Plasmid DNA was prepared by adding 10 μL of each glycerol stock to 5 mL of 2A‐LB broth (low salt) and 100 μg mL−1 of carbenicillin. DNA was isolated using a DNA mini prep kit (Zymo Research). shRNA lentivirus was produced in HEK293T cells using pCMV‐dR8.74, VSV‐G, and Lipofectamine 2000. T24 and RT‐112 cells were transduced with the shRNA lentivirus containing media and 4 μg mL−1 of polybrene. Cells were selected with puromycin (2.5 μg mL−1). shRNA knockdown was confirmed at both mRNA and protein levels using qRT‐PCR and Western blot analysis.
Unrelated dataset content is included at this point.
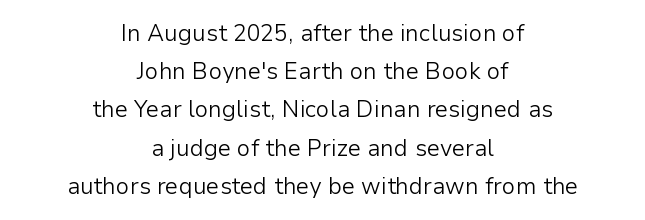
The image shows 23 px text type, upright; set centered, normal line spacing (1.66x), normal letter spacing, not underlined.
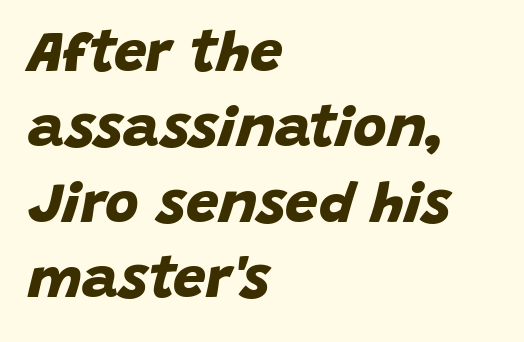
The image shows 58 px bold sans-serif type; set left-aligned, normal line spacing (1.3x), normal letter spacing, not underlined; low stroke contrast and a large x-height.
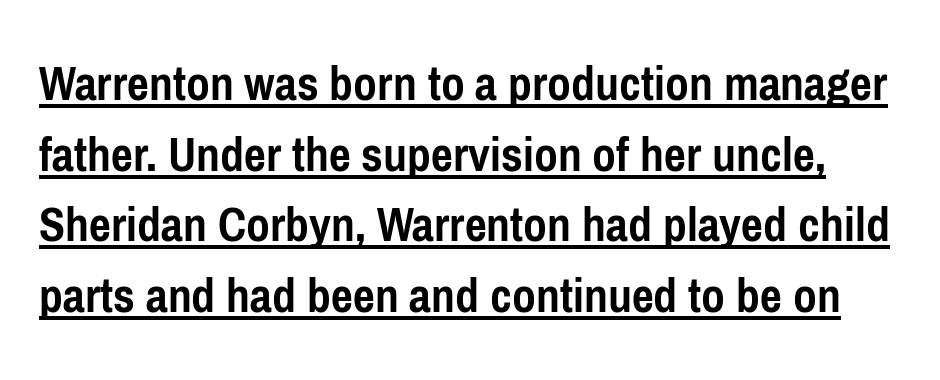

TAp73 shRNA sequence: TGCTGTTGACAGTGAGCGAGGCCATGCCTGTTTACAAGAATAGT GAAGCCACAGATGTATTCTTGTAAACAGGCATGGCCCTGCCTACTGCCTCGGA.

siRNA transfection

Cells were plated in antibiotic‐free complete media. 5 μmol L−1 siRNA stock solutions were prepared in 1× siRNA buffer. siRNA was diluted in serum‐free media. DharmaFECT transfection reagent 1 was diluted in serum‐free media. siRNA and DharmaFECT were mixed and incubated for 20 minutes at room temperature. Antibiotic‐free complete media was added to a final siRNA concentration of 25 nmol L−1. Media was removed from cultured cells and replaced with siRNA containing media and incubated at 37°C in 5% CO2 for 24 hours. siRNA knockdown was confirmed at both mRNA and protein levels using qRT‐PCR and Western blot analysis.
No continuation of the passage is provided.